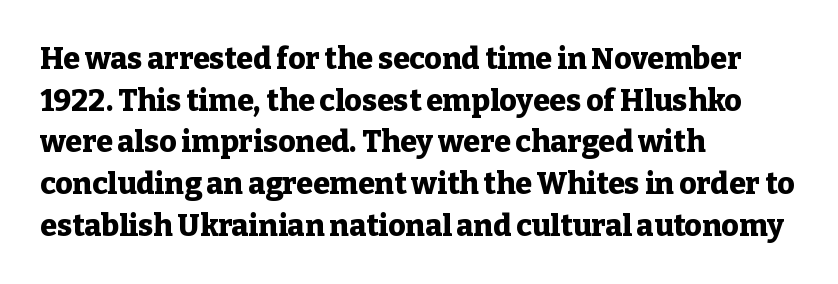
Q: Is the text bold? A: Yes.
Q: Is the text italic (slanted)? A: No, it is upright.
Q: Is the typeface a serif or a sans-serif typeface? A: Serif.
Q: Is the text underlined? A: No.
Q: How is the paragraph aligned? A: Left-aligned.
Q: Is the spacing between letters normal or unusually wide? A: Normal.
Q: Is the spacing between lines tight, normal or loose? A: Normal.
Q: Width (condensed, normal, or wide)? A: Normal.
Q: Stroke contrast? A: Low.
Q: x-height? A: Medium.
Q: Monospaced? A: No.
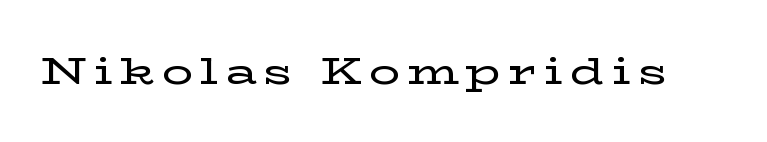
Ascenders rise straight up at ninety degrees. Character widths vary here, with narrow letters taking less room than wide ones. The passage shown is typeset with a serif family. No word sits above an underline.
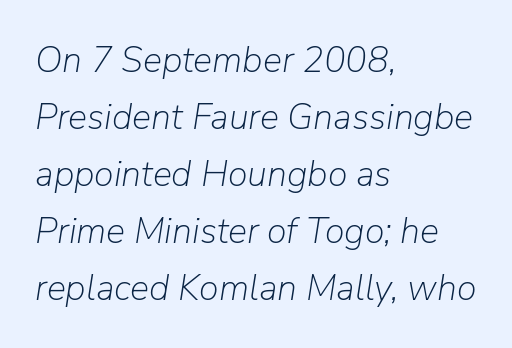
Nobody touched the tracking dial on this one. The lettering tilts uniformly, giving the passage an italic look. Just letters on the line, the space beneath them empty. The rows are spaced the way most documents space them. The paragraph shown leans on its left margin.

· · · · · · ·

What to do — Repeat word for word the lines from the one holding "Ascenders rise straight" through the last line of the listing above, including both ends. Drop the pictures.

Exercise answer —
Ascenders rise straight up at ninety degrees. Character widths vary here, with narrow letters taking less room than wide ones. The passage shown is typeset with a serif family. No word sits above an underline.
Nobody touched the tracking dial on this one. The lettering tilts uniformly, giving the passage an italic look. Just letters on the line, the space beneath them empty. The rows are spaced the way most documents space them. The paragraph shown leans on its left margin.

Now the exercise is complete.